(Study material Opens)
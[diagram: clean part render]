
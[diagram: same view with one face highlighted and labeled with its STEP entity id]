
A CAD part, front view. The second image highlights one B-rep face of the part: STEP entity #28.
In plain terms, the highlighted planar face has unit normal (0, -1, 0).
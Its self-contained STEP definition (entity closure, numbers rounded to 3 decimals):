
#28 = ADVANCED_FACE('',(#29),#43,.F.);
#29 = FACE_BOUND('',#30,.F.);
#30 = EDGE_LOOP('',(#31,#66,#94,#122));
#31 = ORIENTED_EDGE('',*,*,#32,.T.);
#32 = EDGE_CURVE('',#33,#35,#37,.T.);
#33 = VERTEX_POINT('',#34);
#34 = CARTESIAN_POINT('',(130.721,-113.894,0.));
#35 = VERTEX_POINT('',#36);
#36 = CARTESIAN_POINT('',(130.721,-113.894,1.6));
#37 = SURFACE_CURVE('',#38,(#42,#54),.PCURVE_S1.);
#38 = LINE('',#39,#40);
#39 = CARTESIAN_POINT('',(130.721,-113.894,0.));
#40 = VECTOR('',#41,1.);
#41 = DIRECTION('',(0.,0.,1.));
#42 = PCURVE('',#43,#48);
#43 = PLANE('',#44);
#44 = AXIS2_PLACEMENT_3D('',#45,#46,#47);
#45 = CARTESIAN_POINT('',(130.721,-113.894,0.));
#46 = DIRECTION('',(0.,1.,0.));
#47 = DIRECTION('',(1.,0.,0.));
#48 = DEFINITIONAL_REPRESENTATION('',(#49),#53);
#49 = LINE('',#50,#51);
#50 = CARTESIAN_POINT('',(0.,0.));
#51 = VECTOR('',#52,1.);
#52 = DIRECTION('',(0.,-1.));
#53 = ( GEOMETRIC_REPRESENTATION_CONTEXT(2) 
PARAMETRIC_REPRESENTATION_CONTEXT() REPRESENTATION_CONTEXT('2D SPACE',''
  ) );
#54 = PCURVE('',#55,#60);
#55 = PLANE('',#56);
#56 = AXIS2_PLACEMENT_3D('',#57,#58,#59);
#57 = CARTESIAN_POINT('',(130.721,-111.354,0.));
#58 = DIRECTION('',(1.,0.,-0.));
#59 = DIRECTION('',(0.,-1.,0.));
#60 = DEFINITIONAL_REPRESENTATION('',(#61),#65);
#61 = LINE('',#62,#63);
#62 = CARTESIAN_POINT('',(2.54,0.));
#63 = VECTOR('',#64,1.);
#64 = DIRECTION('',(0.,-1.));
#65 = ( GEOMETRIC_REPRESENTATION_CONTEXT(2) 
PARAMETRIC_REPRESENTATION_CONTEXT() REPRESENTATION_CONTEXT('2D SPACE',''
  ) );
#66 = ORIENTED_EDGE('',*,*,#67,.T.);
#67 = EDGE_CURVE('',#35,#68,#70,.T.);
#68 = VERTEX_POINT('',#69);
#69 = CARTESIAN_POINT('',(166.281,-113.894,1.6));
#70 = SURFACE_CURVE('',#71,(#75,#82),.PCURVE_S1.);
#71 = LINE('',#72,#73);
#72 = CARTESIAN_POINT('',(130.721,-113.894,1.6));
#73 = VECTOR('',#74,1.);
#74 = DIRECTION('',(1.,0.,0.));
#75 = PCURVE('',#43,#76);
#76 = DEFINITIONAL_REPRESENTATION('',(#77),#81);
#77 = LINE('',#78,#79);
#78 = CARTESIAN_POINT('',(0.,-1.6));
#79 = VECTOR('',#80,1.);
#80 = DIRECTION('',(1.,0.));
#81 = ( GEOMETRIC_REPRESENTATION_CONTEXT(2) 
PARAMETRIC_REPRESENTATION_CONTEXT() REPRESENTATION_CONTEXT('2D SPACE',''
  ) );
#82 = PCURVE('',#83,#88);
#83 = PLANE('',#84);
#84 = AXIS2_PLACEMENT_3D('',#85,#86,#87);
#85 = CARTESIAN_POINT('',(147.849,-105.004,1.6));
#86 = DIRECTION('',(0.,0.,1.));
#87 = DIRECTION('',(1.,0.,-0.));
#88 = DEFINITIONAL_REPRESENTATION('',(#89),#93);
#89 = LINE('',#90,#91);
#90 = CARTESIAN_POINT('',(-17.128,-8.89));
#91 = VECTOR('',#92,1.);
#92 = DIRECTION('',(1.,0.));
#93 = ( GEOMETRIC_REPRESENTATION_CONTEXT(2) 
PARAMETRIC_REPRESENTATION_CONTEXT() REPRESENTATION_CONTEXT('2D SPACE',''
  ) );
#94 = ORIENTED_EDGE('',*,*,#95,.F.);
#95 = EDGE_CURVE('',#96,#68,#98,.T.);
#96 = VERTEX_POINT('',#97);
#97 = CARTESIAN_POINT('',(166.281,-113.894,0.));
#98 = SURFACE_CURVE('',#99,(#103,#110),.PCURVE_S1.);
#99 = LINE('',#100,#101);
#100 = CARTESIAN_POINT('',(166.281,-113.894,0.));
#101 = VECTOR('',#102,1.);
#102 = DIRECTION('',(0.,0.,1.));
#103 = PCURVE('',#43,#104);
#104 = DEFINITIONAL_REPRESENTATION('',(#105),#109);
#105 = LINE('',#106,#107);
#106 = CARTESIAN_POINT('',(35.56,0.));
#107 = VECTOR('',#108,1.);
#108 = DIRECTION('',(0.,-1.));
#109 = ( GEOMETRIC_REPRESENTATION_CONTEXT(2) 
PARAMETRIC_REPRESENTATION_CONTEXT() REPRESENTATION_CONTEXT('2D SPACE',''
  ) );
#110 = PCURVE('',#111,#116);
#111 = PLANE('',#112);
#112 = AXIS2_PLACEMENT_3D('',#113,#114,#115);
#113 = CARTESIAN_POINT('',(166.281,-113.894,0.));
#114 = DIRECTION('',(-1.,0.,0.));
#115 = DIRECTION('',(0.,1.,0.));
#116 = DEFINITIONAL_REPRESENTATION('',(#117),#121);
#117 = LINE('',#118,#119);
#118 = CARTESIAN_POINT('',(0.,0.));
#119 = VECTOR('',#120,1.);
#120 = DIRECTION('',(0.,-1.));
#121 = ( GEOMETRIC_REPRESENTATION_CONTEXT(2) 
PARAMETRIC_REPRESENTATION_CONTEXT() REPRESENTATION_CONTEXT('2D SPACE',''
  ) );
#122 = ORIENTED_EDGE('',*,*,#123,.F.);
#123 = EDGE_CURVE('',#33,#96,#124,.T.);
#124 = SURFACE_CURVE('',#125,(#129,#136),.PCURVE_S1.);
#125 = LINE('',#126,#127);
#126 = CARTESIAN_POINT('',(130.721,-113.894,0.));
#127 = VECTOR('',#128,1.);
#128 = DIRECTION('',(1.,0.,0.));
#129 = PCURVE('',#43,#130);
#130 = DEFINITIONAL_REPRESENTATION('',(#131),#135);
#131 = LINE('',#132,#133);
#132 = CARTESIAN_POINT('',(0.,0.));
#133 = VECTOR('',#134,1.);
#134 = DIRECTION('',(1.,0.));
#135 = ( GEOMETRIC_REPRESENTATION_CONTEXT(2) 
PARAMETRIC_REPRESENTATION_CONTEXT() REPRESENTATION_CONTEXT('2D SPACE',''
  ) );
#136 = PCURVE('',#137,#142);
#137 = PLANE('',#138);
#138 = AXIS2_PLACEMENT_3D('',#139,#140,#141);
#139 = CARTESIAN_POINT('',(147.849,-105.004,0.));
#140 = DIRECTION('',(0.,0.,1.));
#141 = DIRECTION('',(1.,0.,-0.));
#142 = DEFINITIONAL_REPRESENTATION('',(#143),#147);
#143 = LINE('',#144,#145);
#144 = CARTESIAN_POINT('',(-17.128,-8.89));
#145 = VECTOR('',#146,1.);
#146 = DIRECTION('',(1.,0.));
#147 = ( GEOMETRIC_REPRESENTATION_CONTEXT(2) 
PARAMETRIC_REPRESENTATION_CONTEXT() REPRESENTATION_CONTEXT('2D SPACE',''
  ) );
(Study material Closes)
— Task item —
Could you restate word for word the lines above, from the one that contains "#80 = DIRECTION('',(1.,0.));" through the one that contains "#116 = DEFINITIONAL_REPRESENTATION('',(#117),#121);", and no others?

— Response —
#80 = DIRECTION('',(1.,0.));
#81 = ( GEOMETRIC_REPRESENTATION_CONTEXT(2) 
PARAMETRIC_REPRESENTATION_CONTEXT() REPRESENTATION_CONTEXT('2D SPACE',''
  ) );
#82 = PCURVE('',#83,#88);
#83 = PLANE('',#84);
#84 = AXIS2_PLACEMENT_3D('',#85,#86,#87);
#85 = CARTESIAN_POINT('',(147.849,-105.004,1.6));
#86 = DIRECTION('',(0.,0.,1.));
#87 = DIRECTION('',(1.,0.,-0.));
#88 = DEFINITIONAL_REPRESENTATION('',(#89),#93);
#89 = LINE('',#90,#91);
#90 = CARTESIAN_POINT('',(-17.128,-8.89));
#91 = VECTOR('',#92,1.);
#92 = DIRECTION('',(1.,0.));
#93 = ( GEOMETRIC_REPRESENTATION_CONTEXT(2) 
PARAMETRIC_REPRESENTATION_CONTEXT() REPRESENTATION_CONTEXT('2D SPACE',''
  ) );
#94 = ORIENTED_EDGE('',*,*,#95,.F.);
#95 = EDGE_CURVE('',#96,#68,#98,.T.);
#96 = VERTEX_POINT('',#97);
#97 = CARTESIAN_POINT('',(166.281,-113.894,0.));
#98 = SURFACE_CURVE('',#99,(#103,#110),.PCURVE_S1.);
#99 = LINE('',#100,#101);
#100 = CARTESIAN_POINT('',(166.281,-113.894,0.));
#101 = VECTOR('',#102,1.);
#102 = DIRECTION('',(0.,0.,1.));
#103 = PCURVE('',#43,#104);
#104 = DEFINITIONAL_REPRESENTATION('',(#105),#109);
#105 = LINE('',#106,#107);
#106 = CARTESIAN_POINT('',(35.56,0.));
#107 = VECTOR('',#108,1.);
#108 = DIRECTION('',(0.,-1.));
#109 = ( GEOMETRIC_REPRESENTATION_CONTEXT(2) 
PARAMETRIC_REPRESENTATION_CONTEXT() REPRESENTATION_CONTEXT('2D SPACE',''
  ) );
#110 = PCURVE('',#111,#116);
#111 = PLANE('',#112);
#112 = AXIS2_PLACEMENT_3D('',#113,#114,#115);
#113 = CARTESIAN_POINT('',(166.281,-113.894,0.));
#114 = DIRECTION('',(-1.,0.,0.));
#115 = DIRECTION('',(0.,1.,0.));
#116 = DEFINITIONAL_REPRESENTATION('',(#117),#121);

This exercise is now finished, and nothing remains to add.